Two boys and their father are balance on a seesaw. The father, 70kg, sits on one end 0.65m from the center of the seesaw while the two boys sit together on the other end. If each boy weighs 30kg, where should they sit?
To be balanced the angular acceleration must be equal (but opposite).
α = mg/r
So: m_b/r_b = m_f/r_f
.: r_b = (60)(0.65)/(70) ≈ 0.56m
actually, it is angular torque, not acceleation that is balanced. Hopefully, the acceleration is zero.
To find out where the two boys should sit on the seesaw, we need to consider the torque acting on each end of the seesaw.
Torque is calculated by multiplying the force applied by the distance from the pivot point (in this case, the center of the seesaw). If the seesaw is balanced, the total torque acting on both ends should be equal.

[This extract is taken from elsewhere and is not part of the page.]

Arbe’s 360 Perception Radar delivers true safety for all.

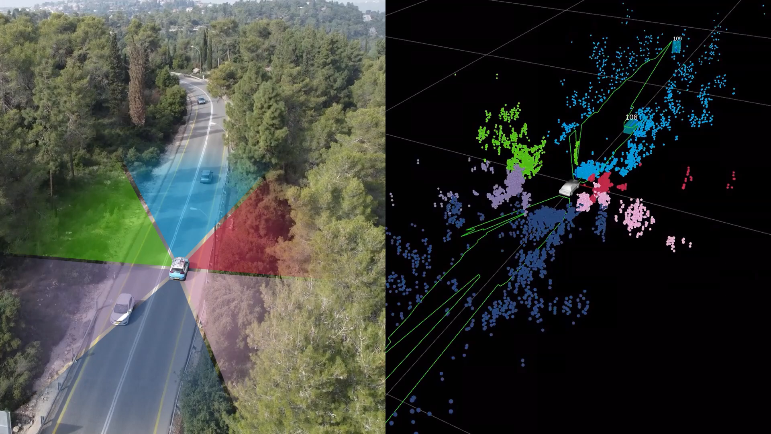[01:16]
degree perception is derived from the integrated analysis of data shared between the radars
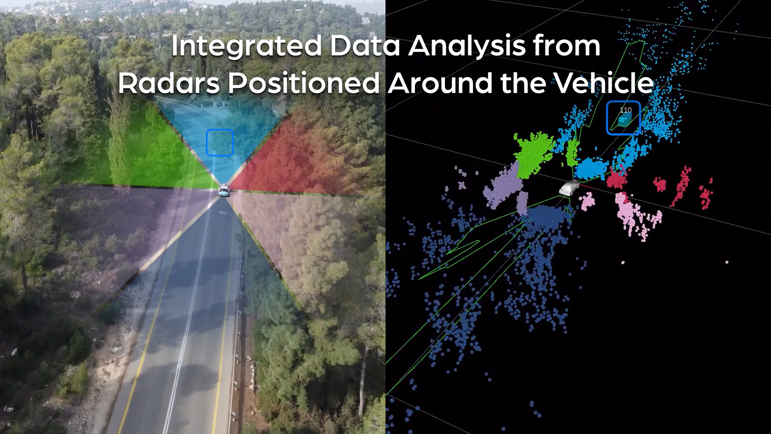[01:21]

Let's determine the torque acting on the father's side first. The force exerted by the father is his weight, which is 70 kg. The distance from the center of the seesaw is given as 0.65 m. So, the torque on the father's side is:
Torque = Force * Distance
Torque = 70 kg * 0.65 m
Torque = 45.5 Nm
Since the seesaw is balanced, the torque on the boys' side should be the same. Let's denote the distance the boys sit from the center of the seesaw as "x".
The total weight of the boys is 30 kg + 30 kg = 60 kg. So, the force exerted by the boys is 60 kg.
Now we can set up an equation to find the value of "x":
Torque on Boys' side = Torque on Father's side
Force * Distance = 45.5 Nm
60 kg * x = 45.5 Nm
60x = 45.5
x = 45.5 / 60
x = 0.758 m
Therefore, the two boys should sit together at a distance of approximately 0.758 meters from the center of the seesaw in order to balance the seesaw with their father.